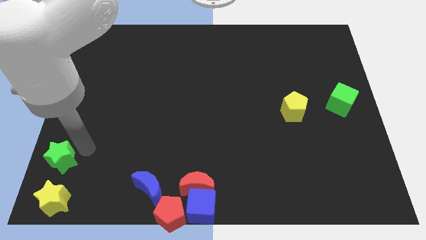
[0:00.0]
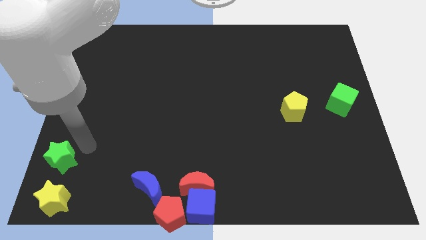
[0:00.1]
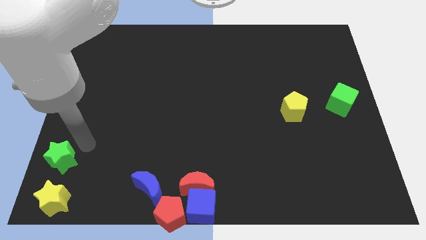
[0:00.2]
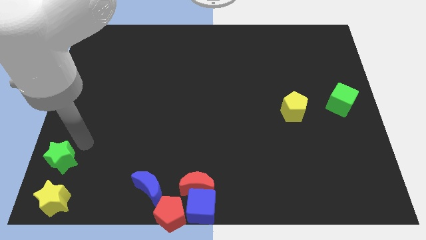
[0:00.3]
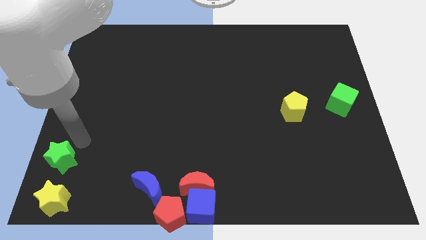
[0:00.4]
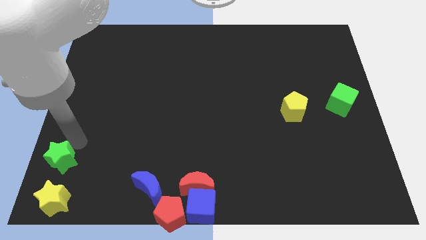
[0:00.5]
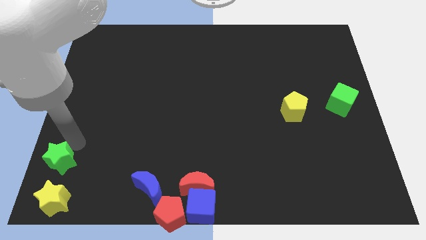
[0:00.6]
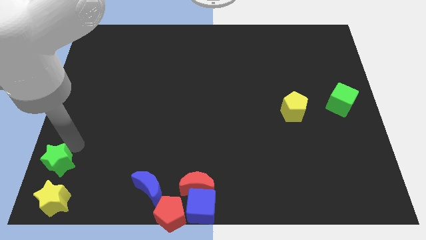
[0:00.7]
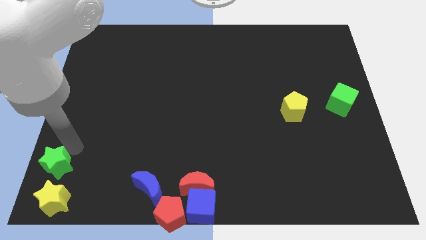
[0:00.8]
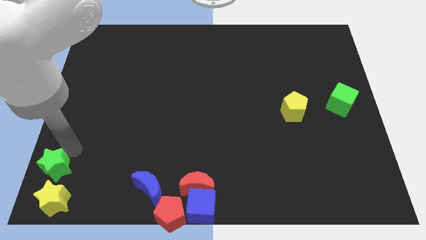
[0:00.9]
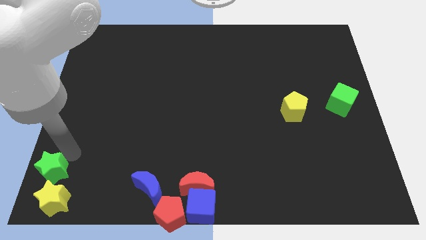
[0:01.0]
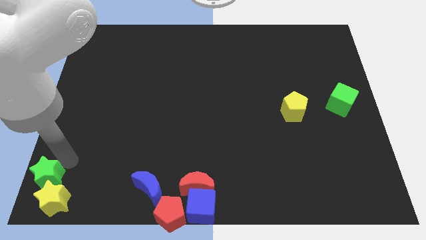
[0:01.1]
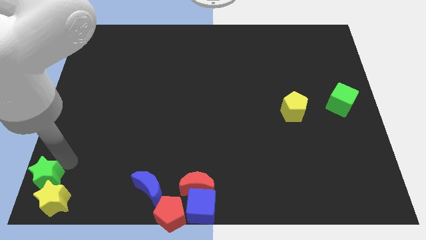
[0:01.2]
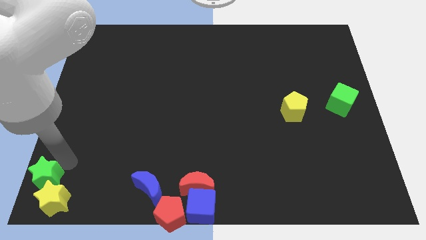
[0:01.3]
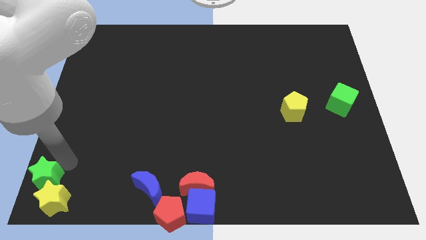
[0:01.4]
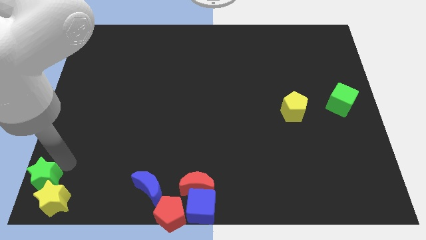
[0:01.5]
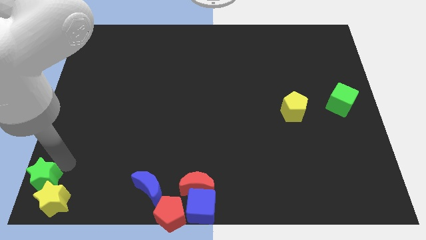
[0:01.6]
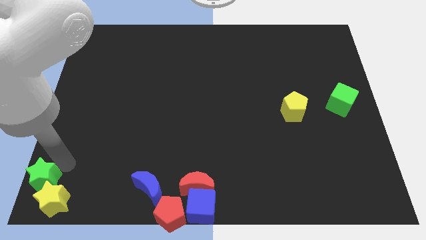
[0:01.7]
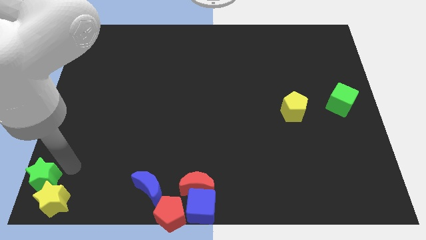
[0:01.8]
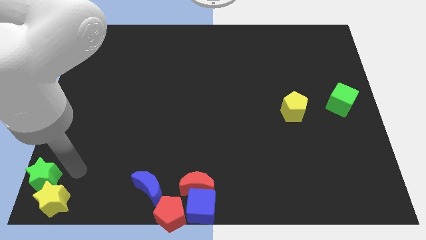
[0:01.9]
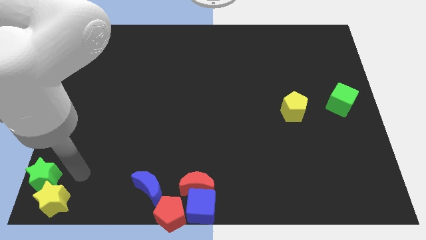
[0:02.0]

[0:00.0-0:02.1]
move green star towards the bottom left corner
-*-*-
### Description of the task:
The answer must be the full listing, exact in every line, with the pictures removed.

### Exercise answer:
[0:00.0]
[0:00.1]
[0:00.2]
[0:00.3]
[0:00.4]
[0:00.5]
[0:00.6]
[0:00.7]
[0:00.8]
[0:00.9]
[0:01.0]
[0:01.1]
[0:01.2]
[0:01.3]
[0:01.4]
[0:01.5]
[0:01.6]
[0:01.7]
[0:01.8]
[0:01.9]
[0:02.0]

[0:00.0-0:02.1]
move green star towards the bottom left corner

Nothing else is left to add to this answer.